A intervalli di tempo più o meno lunghi, le faglie possono mettersi in movimento graduale o improvviso: in un singolo episodio sismico può prodursi uno spostamento anche di 5 m. Faglie simili si trovano in Cile, Alaska, Giappone, Taiwan, nelle Filippine, in Nuova Zelanda e a Sumatra.Nel corso della subduzione, la crosta oceanica viene costantemente trascinata nel mantello, dove subisce fusione. Dato questo continuo riciclo, nessuna parte dell'attuale crosta oceanica supera l'età di 200 milioni di anni.

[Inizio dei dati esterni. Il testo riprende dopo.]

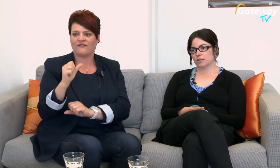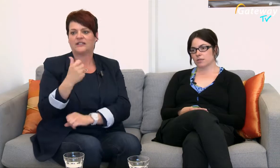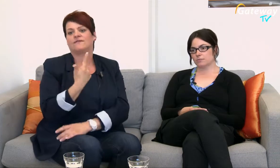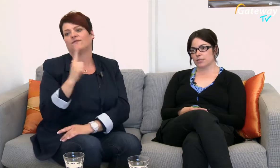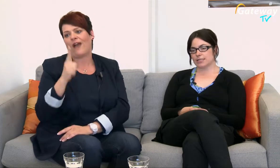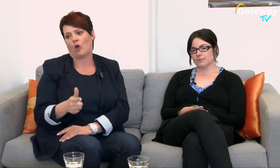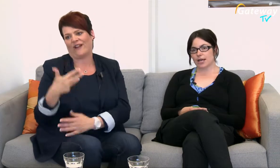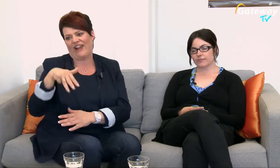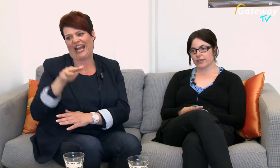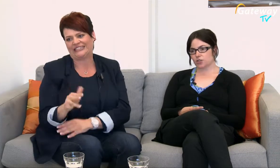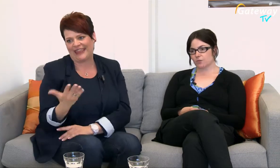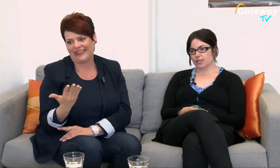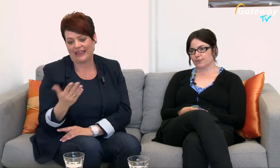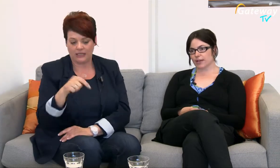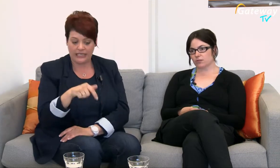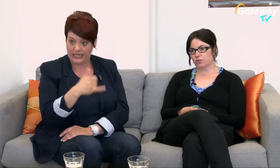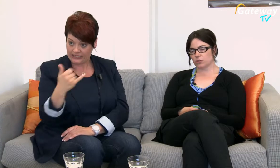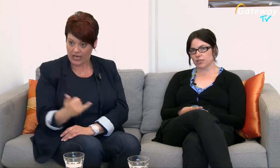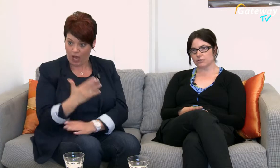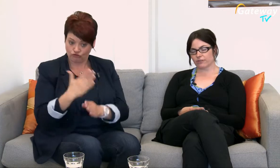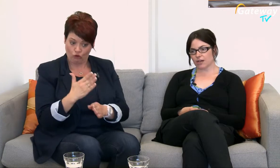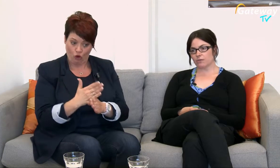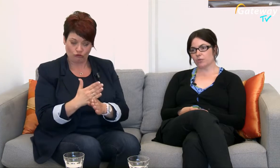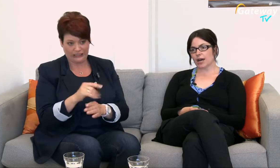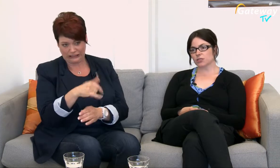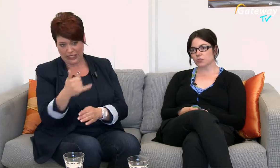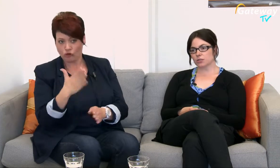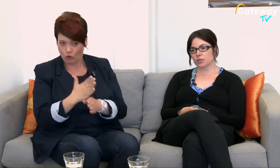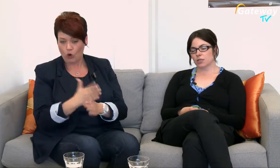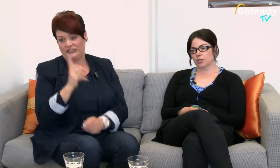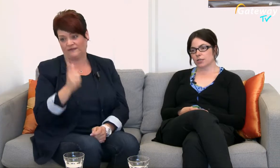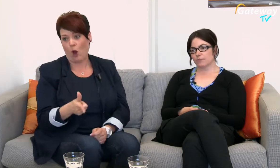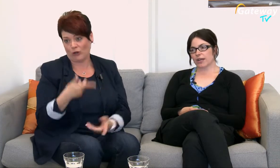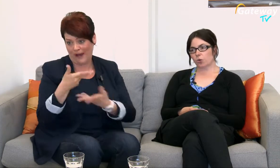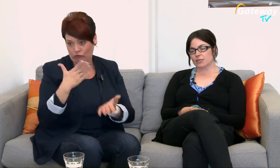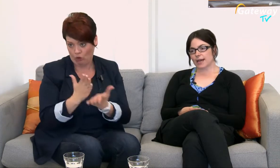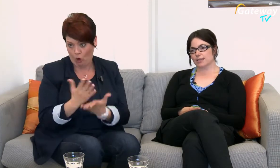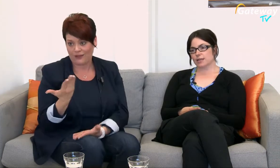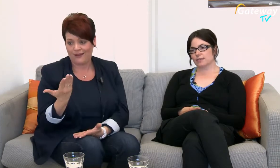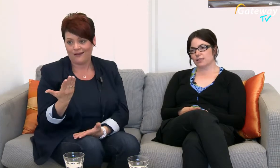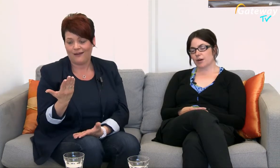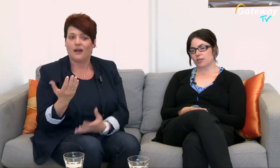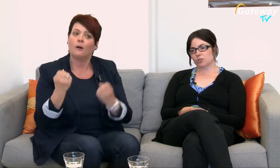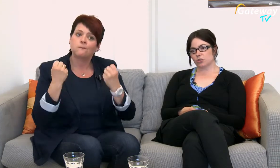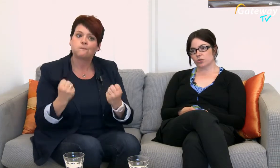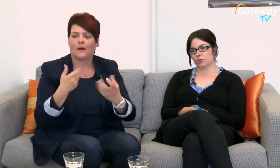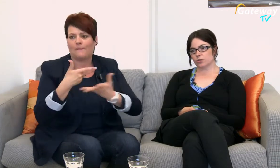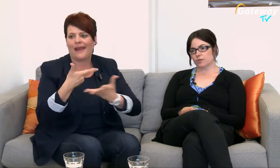In diesem Jahr sind wir jetzt schon bei 200 etwa Beratungen Ein großer Anteil der Beratungen, die ich durchführe,

Un effetto importante della fusione di crosta oceanica subdotta è la produzione di nuovo magma. Quando la crosta oceanica fonde, il magma che si forma risale dal piano di subduzione fino alla superficie terrestre. L'eruzione di magmi prodotti dalla subduzione ha creato lunghe catene ad arco di isole vulcaniche, come il Giappone, le Filippine e le Aleutine. Laddove una zolla tettonica oceanica va in subduzione al di sotto della crosta continentale, il magma prodotto dalla fusione della crosta oceanica risale attraverso vulcani situati tra lunghe catene montuose a sviluppo lineare, come la
cordigliera delle Ande, fino a 100 km procedendo nell'entroterra a partire dalla zona di subduzione. Oltre a creare e alimentare i vulcani, la fusione di crosta oceanica subdotta è responsabile della formazione di giacimenti di minerali metallici.Tettonica a zolle integrata
Tutto questo bagaglio di idee e conoscenze doveva essere organizzato in una teoria integrata della dinamica terrestre. Negli anni Cinquanta, il geofisico canadese Tuzo Wilson ha dimostrato la continuità globale delle zone di subduzione. Xavier LePichon, uno studente francese di sismologia al Lamont, ha determinato la geometria delle zolle attraverso dati di tipo sismico, mentre il geofisico americano Robert Sinclair Dietz ha ricostruito a ritroso nel tempo le posizioni dei continenti e delle zolle oceaniche fino a 200 milioni di anni fa. Negli anni la teoria della tettonica a zolle è stata discussa, messa alla prova e ampliata: è divenuta sia un paradigma sia un centro di controversie per le scienze geologiche.